= Clayton Knowles =

20th-century journalist

Clayton Knowles (April 27, 1908 – January 4, 1978) worked as the Washington correspondent for The New York Times from 1943 to 1971. He became an established and well respected journalist during that time.

==Testimony in the Senate==
Knowles was one of 34 journalists and 26 New York Times employees subpoenaed by the Senate Internal Security Subcommittee in November 1955. The subpoenas were a result of journalist Winston Burdett's testimony in June 1955. Knowles was one of the more cooperative witnesses the senators encountered as a number of other journalists invoked the Fifth and First Amendments to avoid answering questions, many of them losing their jobs as a result.

Knowles told the subcommittee that he suffered from "extreme naivete" when he joined the Communist Party while working at the Long Island Daily Press in 1937. He testified that he went to the FBI with his story in 1954 after he found out that his name had been dropped in the subcommittee hearings. He claimed to have left the Communist Party in 1939.

Knowles provided the subcommittee with the names of his Communist Party cell-mates during the years at the Long Island newspaper. He told them he knew of no Communists at the New York Times.
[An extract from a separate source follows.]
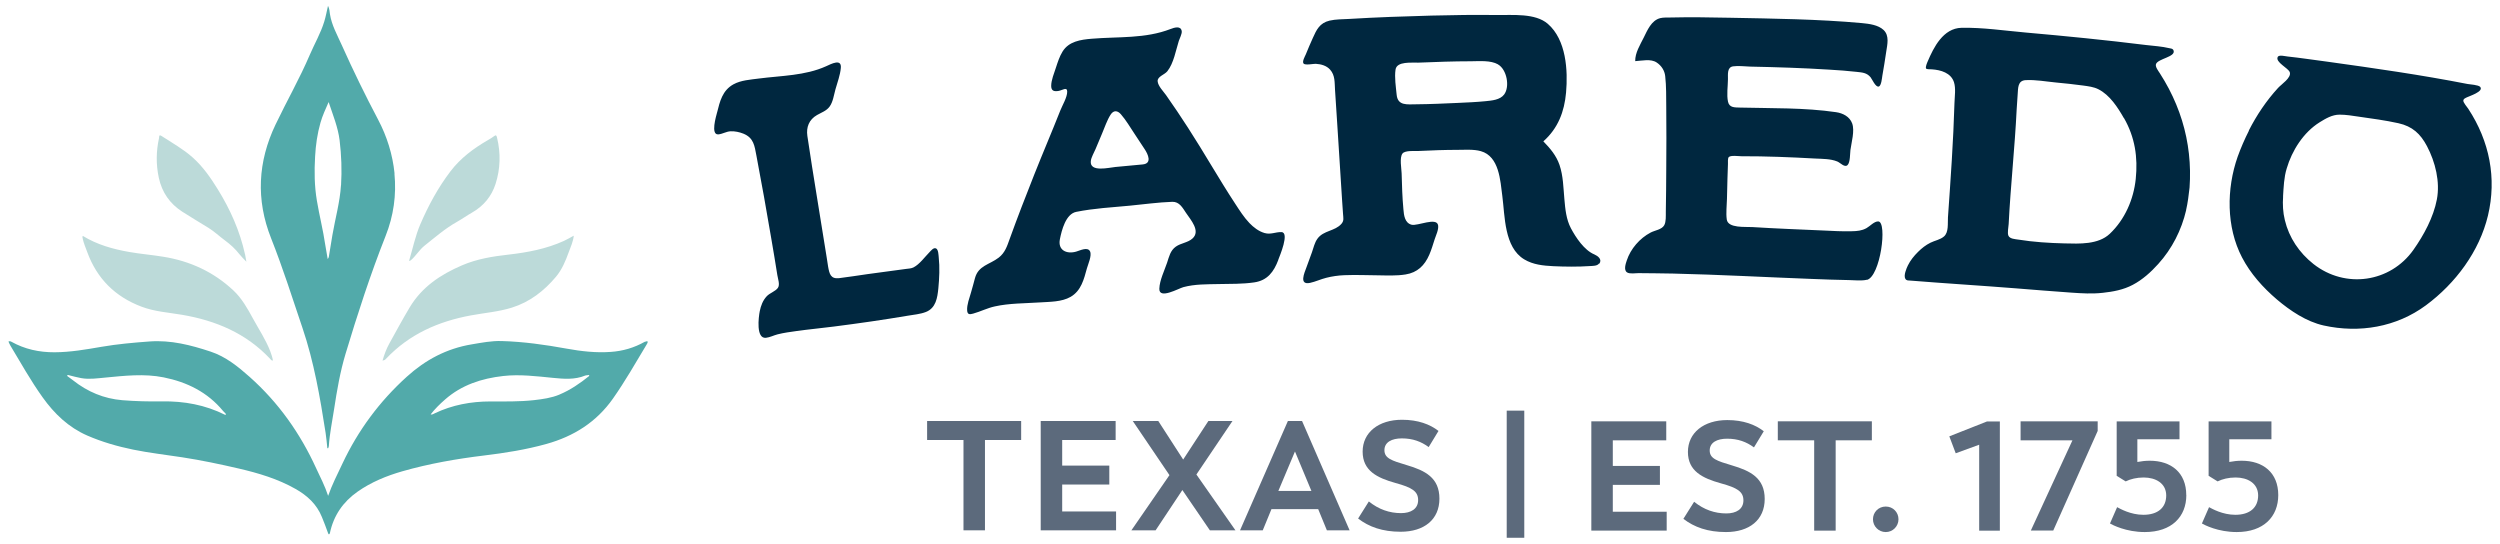 <svg xmlns="http://www.w3.org/2000/svg" id="Capa_1" viewBox="0 0 402.73 87.58"><defs><style>.cls-1{fill:#00273f;}.cls-2{fill:#5c6a7c;}.cls-3{fill:#bcdad9;}.cls-4{fill:#52aaaa;}</style></defs><path class="cls-3" d="M92.43,37.96c-.1.98-.5,1.81-.81,2.66-.51,1.42-1.1,2.83-2.07,3.98-1.91,2.27-4.2,4.05-7.1,4.96-2.16.67-4.4.84-6.6,1.25-5.24.97-9.91,3.02-13.63,6.95-.23.25-.24.24-.6.33.28-.95.61-1.87,1.07-2.7,1.08-1.96,2.15-3.93,3.3-5.86,1.98-3.31,4.98-5.3,8.42-6.78,2.41-1.04,4.96-1.45,7.55-1.74,3.05-.35,6.06-.92,8.88-2.2.53-.24,1.02-.54,1.58-.84ZM13.32,38.44c.17.76.48,1.48.75,2.21,1.56,4.25,4.49,7.15,8.72,8.75,2.1.8,4.34.94,6.53,1.31,5.46.93,10.33,2.98,14.19,7.09.11.12.2.3.46.28-.09-.52-.25-1-.43-1.48-.72-1.87-1.83-3.53-2.78-5.27-.88-1.62-1.8-3.27-3.17-4.55-3.18-2.98-6.99-4.73-11.28-5.42-1.83-.3-3.68-.45-5.5-.77-2.62-.46-5.17-1.17-7.47-2.59-.11.17-.04.31,0,.46ZM66.13,41.97c.86-.71,1.4-1.72,2.28-2.41,1.69-1.34,3.32-2.77,5.22-3.83.82-.46,1.58-1.01,2.39-1.47,1.87-1.06,3.17-2.63,3.81-4.63.78-2.43.85-4.94.24-7.45-.08-.33-.14-.52-.5-.23-.29.23-.61.41-.94.6-2.31,1.34-4.43,2.9-6.07,5.06-2,2.63-3.55,5.5-4.85,8.52-.81,1.88-1.21,3.89-1.82,5.92.16-.06.2-.07.23-.09ZM39.47,40.97c-.83-3.76-2.37-7.22-4.39-10.48-1.15-1.86-2.39-3.65-4.05-5.13-1.53-1.37-3.31-2.34-5-3.45-.47-.31-.38.16-.41.33-.47,2.12-.5,4.23-.04,6.38.51,2.38,1.79,4.2,3.78,5.48,1.39.89,2.82,1.74,4.23,2.61.94.58,1.75,1.36,2.65,2.02.87.64,1.66,1.36,2.32,2.21.31.39.67.74,1.13,1.22-.09-.51-.14-.85-.21-1.18Z"></path><path class="cls-4" d="M103.88,55.05c-1.71.97-3.55,1.51-5.5,1.64-2.39.17-4.76-.1-7.11-.53-3.46-.63-6.93-1.12-10.45-1.22-1.64-.05-3.21.26-4.81.53-4.05.67-7.47,2.49-10.48,5.22-4.39,3.97-7.84,8.63-10.36,13.98-.8,1.71-1.67,3.38-2.31,5.21-.51-1.58-1.26-3-1.93-4.45-2.57-5.63-6.08-10.59-10.71-14.71-1.89-1.68-3.87-3.28-6.3-4.08-3.18-1.05-6.4-1.89-9.85-1.63-2.59.19-5.17.42-7.73.86-2.5.43-5,.87-7.55.88-2.47.01-4.8-.49-6.96-1.7-.15-.08-.29-.11-.47-.03.1.21.18.43.3.63,1.69,2.81,3.29,5.68,5.2,8.35,1.89,2.65,4.18,4.85,7.21,6.17,2.37,1.03,4.84,1.74,7.37,2.26,2.62.54,5.28.83,7.92,1.24,3.06.47,6.09,1.11,9.11,1.81,3.18.74,6.3,1.67,9.15,3.29,1.87,1.06,3.41,2.46,4.24,4.53.33.83.67,1.66.96,2.51.09.07,0,.32.24.24.03-.05.07-.1.08-.15.59-2.84,2.12-5.05,4.47-6.7,2.2-1.54,4.64-2.54,7.21-3.28,4.31-1.23,8.71-2,13.15-2.54,3.39-.41,6.75-.94,10.05-1.86,4.41-1.23,8.05-3.52,10.71-7.29,1.97-2.8,3.66-5.77,5.42-8.7.09-.16.21-.32.19-.52-.17-.06-.3-.02-.45.06ZM36.27,66.83c-3.21-1.61-6.62-2.23-10.19-2.17-2.12.03-4.25-.02-6.37-.19-2.99-.25-5.61-1.36-7.94-3.2-.31-.24-.62-.47-.94-.7,0-.23.13-.16.25-.13.66.16,1.32.35,1.99.47,1.28.23,2.57.04,3.84-.08,3.15-.3,6.3-.67,9.45-.04,3.78.76,7.08,2.39,9.58,5.42.14.16.29.31.44.46.04.11,0,.15-.11.15ZM90.11,63.57c-1.3.54-2.7.73-4.09.89-2.34.26-4.68.21-7.02.21-3.13,0-6.13.56-8.97,1.91-.19.09-.36.24-.66.18.7-.9,1.49-1.67,2.31-2.39,2.68-2.36,5.91-3.41,9.39-3.8,2.68-.3,5.34.04,8,.3,1.74.17,3.5.33,5.2-.37.12-.05.27-.04.4-.06.12-.03.26-.1.25.12-1.48,1.19-3.04,2.27-4.8,3ZM63.56,27.95c-.31-3.06-1.22-5.97-2.65-8.68-2.09-3.95-4.04-7.96-5.87-12.04-.72-1.61-1.61-3.17-1.89-4.96-.06-.41-.06-.84-.31-1.33-.21.91-.36,1.73-.6,2.52-.57,1.87-1.56,3.57-2.33,5.36-1.64,3.84-3.72,7.47-5.52,11.24-2.86,5.99-3.18,12.11-.72,18.32,1.88,4.75,3.43,9.62,5.06,14.46,1.86,5.5,2.83,11.17,3.72,16.88.13.82.19,1.65.28,2.48.05,0,.09,0,.14,0,.03-.11.09-.22.1-.33.13-2.01.55-3.98.85-5.96.46-3.01.97-6.01,1.85-8.93,1.93-6.4,3.99-12.76,6.45-18.98,1.28-3.22,1.76-6.59,1.42-10.05ZM54.93,29.84c-.17,2.72-.92,5.34-1.38,8.01-.18,1.08-.35,2.16-.53,3.23-.03.19-.02.39-.23.65-.14-.81-.28-1.54-.39-2.27-.35-2.39-.95-4.74-1.35-7.12-.4-2.36-.43-4.73-.29-7.12.1-1.86.36-3.69.87-5.47.32-1.12.81-2.17,1.31-3.31.7,2.11,1.51,4.06,1.77,6.17.29,2.41.38,4.81.23,7.24Z"></path><path class="cls-1" d="M115.52,18.11c.44-1.76.85-3.55,2.64-4.53,1.2-.66,2.74-.75,4.09-.93,3.63-.47,7.43-.45,10.81-1.97.86-.39,2.54-1.29,2.39.27-.1,1.15-.56,2.35-.87,3.46-.25.88-.38,1.99-.93,2.75-.5.7-1.3.95-2.03,1.37-1.31.75-1.76,1.98-1.56,3.37.96,6.52,2.09,13.03,3.11,19.55.08.5.14.99.23,1.49.21,1.19.41,2.02,1.77,1.87,1.53-.18,3.05-.44,4.58-.65,2.07-.29,4.14-.57,6.22-.84.41-.05.83-.06,1.2-.25.98-.51,1.79-1.66,2.56-2.44.26-.26.68-.83,1.09-.59.35.21.36,1.03.4,1.38.18,1.66.1,3.37-.06,5.03-.15,1.51-.39,3.18-2.01,3.81-.9.35-1.97.44-2.92.6-3.96.67-7.94,1.24-11.93,1.75-1.99.26-4,.44-5.99.72-1.01.14-2.05.28-3.04.53-.62.16-1.25.49-1.89.56-1.62.17-1.18-3.33-.99-4.29.18-.88.49-1.72,1.12-2.4.49-.53,1.4-.79,1.8-1.35.37-.52,0-1.48-.09-2.08-.31-1.97-.64-3.94-.98-5.91-.76-4.45-1.54-8.9-2.39-13.33-.3-1.56-.42-2.85-2.1-3.53-.63-.25-1.36-.41-2.05-.38-.71.03-1.3.44-1.99.5-1.27.09-.35-2.92-.2-3.52ZM205.93,41.86c-.72,1.91-1.74,3.32-3.88,3.63-1.89.28-3.85.23-5.75.27-1.89.04-3.81,0-5.65.49-.8.21-3.96,2.04-3.89.25.05-1.36.82-2.91,1.25-4.18.32-.97.52-1.96,1.41-2.59.82-.58,1.93-.63,2.68-1.31,1.35-1.2-.3-3.02-1.03-4.11-.57-.85-1.08-1.83-2.22-1.8-2.27.08-4.56.4-6.83.62-2.87.27-5.82.43-8.65,1-1.69.34-2.34,2.96-2.63,4.41-.35,1.75,1.05,2.43,2.6,2,.62-.17,1.88-.84,2.26-.04.32.67-.32,2.06-.5,2.71-.48,1.75-.92,3.62-2.63,4.61-1.45.84-3.39.79-5.01.9-2.39.16-4.86.12-7.2.64-1.21.26-2.3.83-3.49,1.16-.57.16-.93.17-.97-.53-.06-.9.38-2.01.62-2.86.23-.77.43-1.55.64-2.32.55-2.04,2.33-2.16,3.83-3.31,1.02-.79,1.35-1.86,1.76-3,1.25-3.47,2.59-6.91,3.95-10.35,1.37-3.46,2.84-6.88,4.21-10.35.33-.84,1.12-2.13,1.11-3.05-.01-.82-.78-.2-1.4-.1-.77.13-1.17-.05-1.18-.8,0-.95.47-2.05.76-2.95.29-.88.58-1.81,1.08-2.61,1.01-1.62,2.88-1.9,4.69-2.05,4.32-.36,8.61.02,12.71-1.57.59-.23,1.66-.57,1.79.36.06.41-.35,1.19-.47,1.56-.48,1.51-.82,3.6-1.85,4.89-.44.56-1.64.85-1.56,1.63.07.76.93,1.62,1.35,2.21,1.22,1.73,2.39,3.48,3.54,5.26,2.61,4.03,4.96,8.21,7.59,12.22.7,1.07,1.41,2.2,2.3,3.13.66.69,1.5,1.34,2.44,1.61,1,.29,1.76-.18,2.72-.15,1.35.05-.28,3.85-.51,4.46ZM184.42,24.07c-.56-.85-1.12-1.7-1.68-2.55-.69-1.03-1.34-2.16-2.17-3.11-.54-.62-1.17-.7-1.66.06-.59.91-.95,2.06-1.38,3.05-.36.83-.71,1.66-1.05,2.5-.24.58-.69,1.3-.76,1.93-.2,1.86,2.95,1.04,3.95.95,1.46-.14,2.92-.28,4.39-.41,1.59-.14.86-1.66.36-2.42ZM257.59,42.45c-.29.41-1.01.38-1.46.41-1.95.13-3.95.11-5.9.02-1.63-.08-3.26-.24-4.69-1.1-3.24-1.95-3.1-6.96-3.53-10.22-.32-2.43-.48-6.37-3.46-7.21-1.16-.33-2.56-.21-3.74-.21-2.09,0-4.18.08-6.26.18-.56.03-2.2-.13-2.62.41-.51.65-.16,2.45-.14,3.18.05,1.95.11,3.9.29,5.83.08.93.21,2.17,1.31,2.46.95.25,4.08-1.28,4.28.11.1.69-.35,1.6-.56,2.24-.27.84-.52,1.7-.87,2.5-.75,1.72-1.91,2.86-3.81,3.16-1.47.24-3.01.16-4.49.14-1.79-.02-3.59-.09-5.38-.02-.98.04-1.96.18-2.91.42-.89.22-1.73.63-2.62.82-1.81.38-.9-1.61-.57-2.51.29-.8.59-1.6.88-2.41.27-.75.42-1.56.9-2.21.98-1.34,2.81-1.18,3.86-2.39.44-.52.29-.93.25-1.62-.05-.67-.09-1.35-.14-2.02-.28-4.19-.53-8.38-.8-12.57-.12-1.79-.23-3.59-.35-5.38-.08-1.16.04-2.31-.79-3.24-.58-.65-1.45-.89-2.31-.94-.38-.02-1.71.28-1.97-.05-.26-.33.24-1.17.36-1.46.35-.89.74-1.76,1.13-2.64.59-1.31,1.09-2.43,2.71-2.81.99-.23,2.11-.21,3.13-.27,4.43-.27,8.86-.42,13.29-.54,3.5-.09,7.01-.14,10.51-.09,2.57.03,6.19-.33,8.21,1.41,2.99,2.58,3.26,7.53,2.95,11.07-.27,3.08-1.29,5.77-3.66,7.87,1.1,1.13,2.08,2.28,2.6,3.79.61,1.78.62,3.69.79,5.53.14,1.58.29,3.25,1.05,4.68.79,1.49,2.15,3.54,3.77,4.21.56.25,1.31.78.81,1.5ZM241.32,10.37c-1.19-.68-3.01-.51-4.36-.5-2.82,0-5.64.11-8.46.22-1.06.04-3.49-.26-3.69,1.12-.19,1.27.06,2.8.18,4.06.18,1.8,1.69,1.54,3.2,1.53,2.21-.02,4.42-.12,6.62-.22,1.5-.07,3.01-.13,4.51-.28,1.01-.1,2.33-.21,2.98-1.07.96-1.27.44-4.04-.98-4.85ZM300.76,45.06c-.89.22-1.99.07-2.89.06-2.04-.03-4.07-.11-6.1-.19-7.41-.28-14.83-.69-22.25-.86-1.86-.04-3.72-.05-5.58-.07-.51,0-1.37.16-1.82-.11-.6-.37-.23-1.42-.06-1.93.61-1.87,2.09-3.58,3.85-4.5.66-.35,1.79-.47,2.18-1.17.32-.57.25-1.52.26-2.14.05-2.31.05-4.62.07-6.92.02-3.32.04-6.64,0-9.96-.02-1.66.02-3.36-.17-5.02-.1-.88-.59-1.66-1.37-2.18-.96-.64-2.35-.28-3.46-.22-.03-1.33.79-2.62,1.37-3.79.57-1.14,1.22-2.78,2.67-3.14.52-.13,1.13-.08,1.66-.1,3.18-.08,6.37-.02,9.55.04,7.07.14,14.21.22,21.26.86,1.16.11,2.63.29,3.5,1.11.97.92.6,2.34.43,3.48-.2,1.3-.39,2.6-.63,3.9-.06.34-.15,1.61-.58,1.73-.51.15-1.08-1.21-1.32-1.5-.61-.72-1.3-.76-2.21-.86-1.47-.17-2.95-.27-4.43-.36-4.24-.27-8.5-.4-12.75-.49-.87-.02-1.89-.17-2.76-.04-.98.15-.81,1.29-.82,2.07-.01,1.13-.23,2.51.01,3.63.22.99,1.1.91,1.92.94,5.12.13,10.41,0,15.48.74,1.11.16,2.2.72,2.6,1.81.44,1.19-.12,3.07-.28,4.29-.07.55-.02,1.98-.46,2.42-.47.46-1.15-.37-1.67-.58-1.08-.44-2.4-.41-3.55-.47-3.95-.22-7.92-.38-11.88-.37-.4,0-1.7-.19-2.03.13-.2.19-.13.88-.14,1.12-.04.79-.05,1.57-.08,2.36-.03,1.08-.06,2.17-.08,3.25-.02,1.08-.18,2.26-.03,3.33.2,1.44,3.03,1.15,4.11,1.22,3.79.24,7.59.38,11.39.55,1.56.07,3.12.17,4.68.12.84-.02,1.57-.08,2.33-.5.55-.3,1.25-1.11,1.9-1.08,1.49.08.34,8.88-1.84,9.42ZM352.17,33.86c-.75,3.21-2.27,6.21-4.5,8.67-1.18,1.31-2.54,2.54-4.11,3.36-1.49.79-3.15,1.1-4.82,1.28-1.71.19-3.35.09-5.06-.03-2.98-.21-5.96-.45-8.94-.69-5.66-.45-11.34-.79-16.99-1.25-.36-.03-.63.03-.82-.3-.3-.53.18-1.65.41-2.13.4-.82.99-1.55,1.64-2.19.59-.59,1.25-1.11,2-1.48.7-.35,1.56-.48,2.17-1,.8-.67.59-2.15.65-3.08.43-6.13.87-12.28,1.05-18.43.03-1.03.24-2.34-.08-3.35-.49-1.5-2.11-1.97-3.56-2.07-.24-.02-.83.02-.93-.13-.15-.23.17-.94.25-1.13.97-2.28,2.5-5.36,5.45-5.43,3.43-.07,6.92.46,10.33.76,6.46.57,12.92,1.21,19.37,2.01,1.25.15,2.59.22,3.81.52.29.07.54.04.66.39.33,1.02-2.54,1.29-2.84,2.17-.15.45.4,1.12.62,1.47.52.82,1.01,1.64,1.46,2.5.86,1.65,1.58,3.37,2.12,5.13,1.08,3.5,1.47,7.16,1.21,10.79-.14,1.22-.28,2.43-.56,3.63ZM342.14,19.03c-.97-1.7-2.26-3.73-4.12-4.66-.76-.38-1.6-.47-2.43-.59-1.46-.2-2.92-.35-4.39-.49-1.59-.15-3.29-.47-4.88-.38-1.31.07-1.21,1.3-1.29,2.29-.06.8-.12,1.6-.16,2.4-.3,6.17-.98,12.32-1.29,18.49-.02.48-.24,1.42-.04,1.88.23.52,1.09.55,1.61.63,2.41.39,4.96.55,7.41.61,2.41.06,5.44.21,7.3-1.54,2.44-2.3,3.85-5.56,4.19-8.84.36-3.48-.12-6.72-1.9-9.82ZM362.26,21.04c1.26-2.47,2.82-4.81,4.72-6.88.54-.59,2.16-1.63,1.89-2.51-.2-.68-2.4-1.63-1.94-2.49.2-.37,1.22-.09,1.58-.06,1.02.11,2.03.24,3.05.38,1.1.15,2.2.3,3.31.45,7.56,1.05,15.13,2.13,22.64,3.6.38.07,1.75.14,2.03.47.63.74-1.81,1.5-2.15,1.68-.27.14-.54.23-.57.51-.03.33.62,1.06.79,1.32,3.45,5.25,4.61,11.21,3.18,17.22-1.38,5.77-5.22,10.92-9.99,14.45-4.76,3.52-10.73,4.53-16.49,3.25-2.77-.62-5.37-2.37-7.51-4.18-2.24-1.91-4.27-4.17-5.63-6.79-2.56-4.91-2.5-11.06-.71-16.19.52-1.44,1.13-2.85,1.83-4.23ZM367.79,31.64c-.09,1.3-.03,2.55.28,3.82.67,2.82,2.32,5.26,4.61,7.07,5.14,4.04,12.39,2.98,16.11-2.29,1.68-2.39,3.22-5.23,3.77-8.11.54-2.83-.24-6.02-1.59-8.58-1.05-2-2.36-3.2-4.6-3.7-2.12-.47-4.27-.75-6.42-1.06-1.01-.15-2.03-.32-3.06-.32-1.19,0-2.23.62-3.2,1.22-2.64,1.64-4.48,4.59-5.32,7.45-.44,1.4-.5,3.04-.59,4.51Z"></path><path class="cls-2" d="M164.5,70.88h-5.83v14.55h-3.46v-14.55h-5.86v-3.06h15.15v3.06Z"></path><path class="cls-2" d="M179.79,82.4v3.03h-12.14v-17.61h12.07v3.06h-8.61v4.13h7.59v3.05h-7.59v4.33h8.69Z"></path><path class="cls-2" d="M194.9,85.43l-4.43-6.49-4.31,6.49h-3.9l6.13-8.89-5.91-8.72h4.11l4.01,6.21,4.06-6.21h3.88l-5.81,8.62,6.29,8.99h-4.11Z"></path><path class="cls-2" d="M212.36,82.02h-7.54l-1.4,3.41h-3.66l7.71-17.61h2.28l7.66,17.61h-3.66l-1.4-3.41ZM205.93,79.09h5.33l-2.65-6.36-2.68,6.36Z"></path><path class="cls-2" d="M218.78,83.53l1.73-2.75c1.58,1.28,3.33,1.88,5.19,1.88,1.58,0,2.75-.68,2.75-2.1s-1-2.03-3.63-2.75c-2.98-.83-5.31-1.98-5.31-5.06s2.55-5.13,6.34-5.13c2.58,0,4.51.73,5.88,1.8l-1.58,2.6c-1.2-.88-2.55-1.4-4.33-1.4-1.6,0-2.8.6-2.8,1.9s1.15,1.68,3.58,2.4c2.98.88,5.28,2.03,5.28,5.41s-2.48,5.33-6.24,5.33c-2.93,0-5.11-.78-6.86-2.13Z"></path><path class="cls-2" d="M242.72,66.15h2.83v20.48h-2.83v-20.48Z"></path><path class="cls-2" d="M268.49,82.45v3.03h-12.14v-17.61h12.07v3.06h-8.61v4.13h7.59v3.05h-7.59v4.33h8.69Z"></path><path class="cls-2" d="M271.18,83.58l1.73-2.75c1.58,1.28,3.33,1.88,5.19,1.88,1.58,0,2.75-.68,2.75-2.1s-1-2.03-3.63-2.75c-2.98-.83-5.31-1.98-5.31-5.06s2.55-5.13,6.34-5.13c2.58,0,4.51.73,5.88,1.8l-1.58,2.6c-1.2-.88-2.55-1.4-4.33-1.4-1.6,0-2.8.6-2.8,1.9s1.15,1.68,3.58,2.4c2.98.88,5.28,2.03,5.28,5.41s-2.48,5.33-6.24,5.33c-2.93,0-5.11-.78-6.86-2.13Z"></path><path class="cls-2" d="M301.54,70.93h-5.83v14.55h-3.46v-14.55h-5.86v-3.06h15.15v3.06Z"></path><path class="cls-2" d="M301.72,83.65c0-1.13.88-2.05,2.06-2.05s2.05.93,2.05,2.05-.9,2.06-2.05,2.06-2.06-.93-2.06-2.06Z"></path><path class="cls-2" d="M322.16,67.88v17.61h-3.33v-13.85l-3.78,1.38-1.03-2.73,6.08-2.4h2.05Z"></path><path class="cls-2" d="M333.86,70.93h-8.36v-3.06h12.42v1.55l-7.16,16.05h-3.61l6.71-14.55Z"></path><path class="cls-2" d="M352.2,79.75c0,3.48-2.35,5.96-6.69,5.96-3.03,0-5.21-1.15-5.61-1.38l1.15-2.63c.48.25,2.16,1.23,4.23,1.23,2.33,0,3.68-1.15,3.68-3.13-.02-1.98-1.73-2.88-3.63-2.88-1.13,0-2.13.25-2.9.63l-1.45-.9v-8.77h10.12v2.88h-6.79v3.66c.68-.13,1.35-.2,2-.2,3.43,0,5.88,1.9,5.88,5.54Z"></path><path class="cls-2" d="M367.01,79.75c0,3.48-2.36,5.96-6.69,5.96-3.03,0-5.21-1.15-5.61-1.38l1.15-2.63c.48.25,2.16,1.23,4.23,1.23,2.33,0,3.68-1.15,3.68-3.13-.02-1.98-1.73-2.88-3.63-2.88-1.13,0-2.13.25-2.9.63l-1.45-.9v-8.77h10.12v2.88h-6.79v3.66c.67-.13,1.35-.2,2-.2,3.43,0,5.89,1.9,5.89,5.54Z"></path></svg>

His testimony prompted Senator Thomas Carey Hennings to admonish the subcommittee counsel J. G. Sourwine for not giving the subcommittee advance notice of the witnesses and questioned whether "any useful purpose" had been served by publicly embarrassing such a long-rehabilitated communist such as Knowles.

==Personal==
Knowles was a 1931 graduate of Columbia University Graduate School of Journalism.